Freesteel Blog » 2008 » May

Wednesday, May 7th, 2008 at 12:03 pm - - Whipping

I know, why not catch the train down to Crewe where there is a by-election and deliver this leaflet to 5,000 doors.

Tuesday, May 6th, 2008 at 10:08 am - - UN, Whipping

More time wikipedia-ing UN information. I dipped into a recent Security Council transcripts where there is a satisfying whinge from the ambassador of Costa Rica about just what a stitch-up these resolutions are among the “Group of Friends” (their code name for the Permanent Five):

It is especially difficult for Costa Rica to understand the opposition to including a reference to the human rights component in the text of the draft resolution. During the negotiation process, we proposed two options for incorporating such a reference. Today, to our surprise, the representative of the Russian Federation threatened to exercise a technical veto of any reference to human rights, despite the fact that the issue of human rights is the object of mutual accusations made by both parties, that it has been raised in consultations by various delegations, and that several references are made to it in the reports of the Secretary-General. In his most recent report, Secretary-General Ban Ki-moon himself refers to the United Nations duty to uphold human rights standards in all its operations, including in Western Sahara, and to the need to coordinate action in that sphere.
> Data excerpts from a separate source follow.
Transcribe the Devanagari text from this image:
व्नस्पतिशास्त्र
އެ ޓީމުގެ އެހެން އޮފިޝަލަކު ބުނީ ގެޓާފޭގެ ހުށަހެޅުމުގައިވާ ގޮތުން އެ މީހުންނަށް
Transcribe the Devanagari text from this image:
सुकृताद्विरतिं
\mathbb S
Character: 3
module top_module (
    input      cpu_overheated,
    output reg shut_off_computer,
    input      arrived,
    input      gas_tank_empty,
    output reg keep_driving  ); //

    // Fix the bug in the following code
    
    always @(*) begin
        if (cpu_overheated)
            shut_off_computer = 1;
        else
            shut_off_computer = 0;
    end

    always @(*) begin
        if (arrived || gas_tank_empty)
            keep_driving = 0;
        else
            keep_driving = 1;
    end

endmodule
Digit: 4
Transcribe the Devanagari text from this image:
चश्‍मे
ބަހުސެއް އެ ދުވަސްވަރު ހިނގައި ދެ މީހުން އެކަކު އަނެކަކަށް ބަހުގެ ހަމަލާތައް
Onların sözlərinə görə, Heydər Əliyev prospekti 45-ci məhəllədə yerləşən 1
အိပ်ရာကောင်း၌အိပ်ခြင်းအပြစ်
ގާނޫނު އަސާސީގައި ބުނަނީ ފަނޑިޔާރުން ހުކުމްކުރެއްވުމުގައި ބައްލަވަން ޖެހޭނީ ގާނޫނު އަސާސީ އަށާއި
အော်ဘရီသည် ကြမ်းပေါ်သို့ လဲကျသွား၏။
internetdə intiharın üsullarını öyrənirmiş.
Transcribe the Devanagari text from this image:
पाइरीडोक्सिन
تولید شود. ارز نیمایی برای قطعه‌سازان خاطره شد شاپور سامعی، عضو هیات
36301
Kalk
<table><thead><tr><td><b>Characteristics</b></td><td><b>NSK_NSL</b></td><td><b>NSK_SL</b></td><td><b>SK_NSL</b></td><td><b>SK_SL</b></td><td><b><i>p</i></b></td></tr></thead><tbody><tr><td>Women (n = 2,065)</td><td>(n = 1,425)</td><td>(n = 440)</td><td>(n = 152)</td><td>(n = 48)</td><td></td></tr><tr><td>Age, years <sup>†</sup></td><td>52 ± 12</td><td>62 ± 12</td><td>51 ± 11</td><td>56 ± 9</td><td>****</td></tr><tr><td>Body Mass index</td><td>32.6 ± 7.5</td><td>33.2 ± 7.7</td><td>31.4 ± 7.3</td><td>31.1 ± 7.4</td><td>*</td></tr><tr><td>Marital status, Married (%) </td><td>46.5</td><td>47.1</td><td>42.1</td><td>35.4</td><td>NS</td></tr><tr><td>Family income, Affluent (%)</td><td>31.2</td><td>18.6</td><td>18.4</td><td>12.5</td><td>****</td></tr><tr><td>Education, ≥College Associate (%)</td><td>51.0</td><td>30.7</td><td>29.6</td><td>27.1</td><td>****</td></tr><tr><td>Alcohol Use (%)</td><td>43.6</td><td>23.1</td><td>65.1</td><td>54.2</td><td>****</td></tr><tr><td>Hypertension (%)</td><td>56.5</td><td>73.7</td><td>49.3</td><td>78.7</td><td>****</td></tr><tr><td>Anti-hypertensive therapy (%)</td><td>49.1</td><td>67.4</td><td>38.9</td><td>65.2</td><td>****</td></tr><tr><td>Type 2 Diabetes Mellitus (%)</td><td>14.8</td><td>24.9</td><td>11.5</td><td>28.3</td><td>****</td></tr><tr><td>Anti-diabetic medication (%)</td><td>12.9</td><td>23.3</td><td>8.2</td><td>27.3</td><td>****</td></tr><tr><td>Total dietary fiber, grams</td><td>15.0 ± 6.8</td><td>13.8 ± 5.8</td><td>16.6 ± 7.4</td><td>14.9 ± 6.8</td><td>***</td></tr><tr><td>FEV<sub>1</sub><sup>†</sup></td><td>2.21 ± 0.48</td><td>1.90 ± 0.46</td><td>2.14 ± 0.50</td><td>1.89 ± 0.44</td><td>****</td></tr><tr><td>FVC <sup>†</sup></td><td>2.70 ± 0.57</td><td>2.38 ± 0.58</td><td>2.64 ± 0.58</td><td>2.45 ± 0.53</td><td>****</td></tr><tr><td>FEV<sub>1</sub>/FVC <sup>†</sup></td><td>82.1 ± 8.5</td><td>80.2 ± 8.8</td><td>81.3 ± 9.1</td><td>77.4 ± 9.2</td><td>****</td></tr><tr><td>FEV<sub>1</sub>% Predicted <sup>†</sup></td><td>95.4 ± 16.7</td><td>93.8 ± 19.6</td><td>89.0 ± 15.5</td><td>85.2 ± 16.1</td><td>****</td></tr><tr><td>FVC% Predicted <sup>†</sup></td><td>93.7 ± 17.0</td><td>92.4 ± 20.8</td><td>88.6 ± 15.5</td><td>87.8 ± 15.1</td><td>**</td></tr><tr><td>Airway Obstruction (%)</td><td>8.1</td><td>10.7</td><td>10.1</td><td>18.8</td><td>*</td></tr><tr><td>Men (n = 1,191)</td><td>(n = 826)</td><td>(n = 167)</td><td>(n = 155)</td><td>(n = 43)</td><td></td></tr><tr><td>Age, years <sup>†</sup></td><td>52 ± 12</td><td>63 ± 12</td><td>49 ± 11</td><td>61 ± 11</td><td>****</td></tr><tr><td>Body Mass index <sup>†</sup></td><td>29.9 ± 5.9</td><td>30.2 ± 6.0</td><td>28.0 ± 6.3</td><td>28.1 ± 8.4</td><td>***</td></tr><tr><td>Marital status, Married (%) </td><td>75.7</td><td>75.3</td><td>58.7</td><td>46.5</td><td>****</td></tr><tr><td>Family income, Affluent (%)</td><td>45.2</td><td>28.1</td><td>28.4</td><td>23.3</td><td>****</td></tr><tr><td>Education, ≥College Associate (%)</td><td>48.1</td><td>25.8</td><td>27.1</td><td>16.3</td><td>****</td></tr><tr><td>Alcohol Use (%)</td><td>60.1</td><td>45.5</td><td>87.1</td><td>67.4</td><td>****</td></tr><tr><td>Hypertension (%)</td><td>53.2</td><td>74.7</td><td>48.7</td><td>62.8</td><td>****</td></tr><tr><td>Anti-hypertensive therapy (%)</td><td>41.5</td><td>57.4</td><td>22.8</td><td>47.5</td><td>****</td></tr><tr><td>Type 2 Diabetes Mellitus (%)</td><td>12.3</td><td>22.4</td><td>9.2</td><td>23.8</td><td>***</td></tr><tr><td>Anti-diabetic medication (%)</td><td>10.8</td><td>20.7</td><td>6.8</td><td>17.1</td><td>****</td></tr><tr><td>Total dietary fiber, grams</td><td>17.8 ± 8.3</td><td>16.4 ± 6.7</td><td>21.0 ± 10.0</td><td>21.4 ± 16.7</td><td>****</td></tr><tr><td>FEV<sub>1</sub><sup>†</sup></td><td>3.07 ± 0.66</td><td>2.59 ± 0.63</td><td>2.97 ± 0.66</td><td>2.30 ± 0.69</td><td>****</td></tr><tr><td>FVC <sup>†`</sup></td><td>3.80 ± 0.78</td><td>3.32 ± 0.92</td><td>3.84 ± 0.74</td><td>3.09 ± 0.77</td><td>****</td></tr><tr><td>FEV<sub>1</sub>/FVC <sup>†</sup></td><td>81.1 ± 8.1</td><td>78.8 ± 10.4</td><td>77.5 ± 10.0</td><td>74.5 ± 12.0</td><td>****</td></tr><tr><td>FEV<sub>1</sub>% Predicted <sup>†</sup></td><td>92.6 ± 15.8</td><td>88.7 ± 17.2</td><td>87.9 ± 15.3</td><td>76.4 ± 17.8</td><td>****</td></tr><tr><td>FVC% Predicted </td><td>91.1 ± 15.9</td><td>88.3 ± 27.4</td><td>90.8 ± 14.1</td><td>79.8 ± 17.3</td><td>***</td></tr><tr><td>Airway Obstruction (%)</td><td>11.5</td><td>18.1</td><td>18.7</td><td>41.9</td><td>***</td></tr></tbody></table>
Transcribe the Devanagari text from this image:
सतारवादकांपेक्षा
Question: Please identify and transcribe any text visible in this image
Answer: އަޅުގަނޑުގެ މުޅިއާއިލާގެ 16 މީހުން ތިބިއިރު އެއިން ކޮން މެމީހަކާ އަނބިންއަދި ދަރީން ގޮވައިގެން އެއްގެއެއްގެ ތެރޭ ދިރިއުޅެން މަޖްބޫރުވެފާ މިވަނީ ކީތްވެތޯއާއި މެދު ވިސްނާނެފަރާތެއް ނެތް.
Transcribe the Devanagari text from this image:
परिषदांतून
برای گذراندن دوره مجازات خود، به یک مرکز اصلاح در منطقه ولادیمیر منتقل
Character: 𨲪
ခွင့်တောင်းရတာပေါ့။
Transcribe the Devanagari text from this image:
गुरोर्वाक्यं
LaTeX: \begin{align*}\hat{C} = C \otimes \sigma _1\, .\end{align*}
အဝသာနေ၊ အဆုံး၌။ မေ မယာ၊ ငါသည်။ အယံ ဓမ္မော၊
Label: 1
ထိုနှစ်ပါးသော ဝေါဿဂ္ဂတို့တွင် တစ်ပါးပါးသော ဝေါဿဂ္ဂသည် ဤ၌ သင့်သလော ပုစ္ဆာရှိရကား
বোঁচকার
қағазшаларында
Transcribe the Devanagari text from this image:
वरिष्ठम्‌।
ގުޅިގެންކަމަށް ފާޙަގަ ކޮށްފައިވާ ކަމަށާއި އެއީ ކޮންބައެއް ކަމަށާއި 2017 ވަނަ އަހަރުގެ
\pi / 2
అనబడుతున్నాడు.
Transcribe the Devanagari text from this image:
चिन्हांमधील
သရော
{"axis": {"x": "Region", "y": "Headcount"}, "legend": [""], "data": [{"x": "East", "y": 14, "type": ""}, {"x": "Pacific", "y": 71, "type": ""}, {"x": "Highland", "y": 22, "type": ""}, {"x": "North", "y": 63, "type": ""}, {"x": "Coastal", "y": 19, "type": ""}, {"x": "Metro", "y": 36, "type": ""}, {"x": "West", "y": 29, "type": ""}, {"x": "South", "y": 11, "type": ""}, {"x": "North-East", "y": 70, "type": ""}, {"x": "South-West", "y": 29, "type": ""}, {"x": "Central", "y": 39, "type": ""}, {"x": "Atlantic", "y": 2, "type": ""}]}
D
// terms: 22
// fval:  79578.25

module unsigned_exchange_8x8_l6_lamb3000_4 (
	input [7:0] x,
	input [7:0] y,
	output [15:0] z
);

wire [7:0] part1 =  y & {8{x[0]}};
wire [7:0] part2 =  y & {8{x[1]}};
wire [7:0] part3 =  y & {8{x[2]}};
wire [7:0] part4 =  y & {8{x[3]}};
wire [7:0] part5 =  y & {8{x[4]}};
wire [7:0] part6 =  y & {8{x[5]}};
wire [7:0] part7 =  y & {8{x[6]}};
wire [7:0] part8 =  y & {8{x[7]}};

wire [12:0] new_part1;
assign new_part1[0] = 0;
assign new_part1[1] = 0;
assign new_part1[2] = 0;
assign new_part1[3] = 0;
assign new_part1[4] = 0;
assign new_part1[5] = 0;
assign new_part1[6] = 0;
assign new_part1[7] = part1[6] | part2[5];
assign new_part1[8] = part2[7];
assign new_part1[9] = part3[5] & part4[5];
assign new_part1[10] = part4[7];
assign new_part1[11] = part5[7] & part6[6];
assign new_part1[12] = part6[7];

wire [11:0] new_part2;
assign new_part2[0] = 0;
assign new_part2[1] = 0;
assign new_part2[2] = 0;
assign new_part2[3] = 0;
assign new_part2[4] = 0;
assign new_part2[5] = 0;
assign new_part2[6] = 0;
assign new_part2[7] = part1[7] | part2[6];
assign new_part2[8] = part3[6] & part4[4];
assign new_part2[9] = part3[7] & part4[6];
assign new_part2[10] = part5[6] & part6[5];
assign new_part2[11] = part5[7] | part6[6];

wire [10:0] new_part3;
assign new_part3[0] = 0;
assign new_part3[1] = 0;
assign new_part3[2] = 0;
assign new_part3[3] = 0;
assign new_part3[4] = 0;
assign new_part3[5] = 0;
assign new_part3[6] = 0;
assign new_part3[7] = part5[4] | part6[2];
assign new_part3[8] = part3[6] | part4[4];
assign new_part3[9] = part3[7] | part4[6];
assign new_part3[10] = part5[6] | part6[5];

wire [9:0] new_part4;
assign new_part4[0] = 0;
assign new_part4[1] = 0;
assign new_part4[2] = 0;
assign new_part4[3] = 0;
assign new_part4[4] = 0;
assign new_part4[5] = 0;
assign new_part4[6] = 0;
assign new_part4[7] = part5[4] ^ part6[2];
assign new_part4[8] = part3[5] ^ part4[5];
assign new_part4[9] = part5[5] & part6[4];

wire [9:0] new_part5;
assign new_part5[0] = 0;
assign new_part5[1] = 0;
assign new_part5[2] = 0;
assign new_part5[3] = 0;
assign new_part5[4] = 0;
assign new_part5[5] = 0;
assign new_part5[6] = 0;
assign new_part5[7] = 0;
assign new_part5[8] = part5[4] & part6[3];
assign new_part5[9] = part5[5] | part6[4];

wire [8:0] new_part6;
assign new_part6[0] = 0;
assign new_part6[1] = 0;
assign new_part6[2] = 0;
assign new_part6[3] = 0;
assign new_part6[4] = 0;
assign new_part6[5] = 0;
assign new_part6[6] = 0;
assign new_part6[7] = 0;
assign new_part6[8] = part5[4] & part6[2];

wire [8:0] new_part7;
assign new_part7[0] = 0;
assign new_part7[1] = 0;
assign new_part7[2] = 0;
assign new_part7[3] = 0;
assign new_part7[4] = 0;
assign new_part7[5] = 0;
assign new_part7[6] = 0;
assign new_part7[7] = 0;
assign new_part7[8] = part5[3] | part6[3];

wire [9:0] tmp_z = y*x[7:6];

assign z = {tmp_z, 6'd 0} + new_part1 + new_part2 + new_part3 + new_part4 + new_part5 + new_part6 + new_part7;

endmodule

Costa Rica cannot understand the reasons that have been put forward for rejecting a specific reference to the framework of international law when we are calling on the parties to assume a realistic position in the negotiations, nor do we understand the fact that the Group of Friends should sideline the members of the Security Council in the preparation of the texts of draft resolutions and in the building of consensus. In this case, just a week ago the Group of Friends provided us with the text on which we are about to vote and in which my delegation continued to insist that some of its amendments be included.

I did far too much digging back and this incident boiled down to one line in the Wikipedia MINURSO page. The problem is that all the resolutions relating to the UN intervention in Western Sahara appear to tilt towards the Moroccan government, and are cleansed of all references to human rights, which means that the UN is blocked from doing anything about it. So to the outside world they look incompetant, when they are merely working in a framework set out by the major five nuclear armed states (the Permanent Five). I’d like the citizens of those countries to know that.

Also, all the code has been moved to be under the GNU Affero General Public License, due to the recognition that the General Public License is practically obsolete in relation to server side software which you can interact with on someone else’s computer through the all-pervasive internet, yet not have any access to the source code of because you never touch the compiled code.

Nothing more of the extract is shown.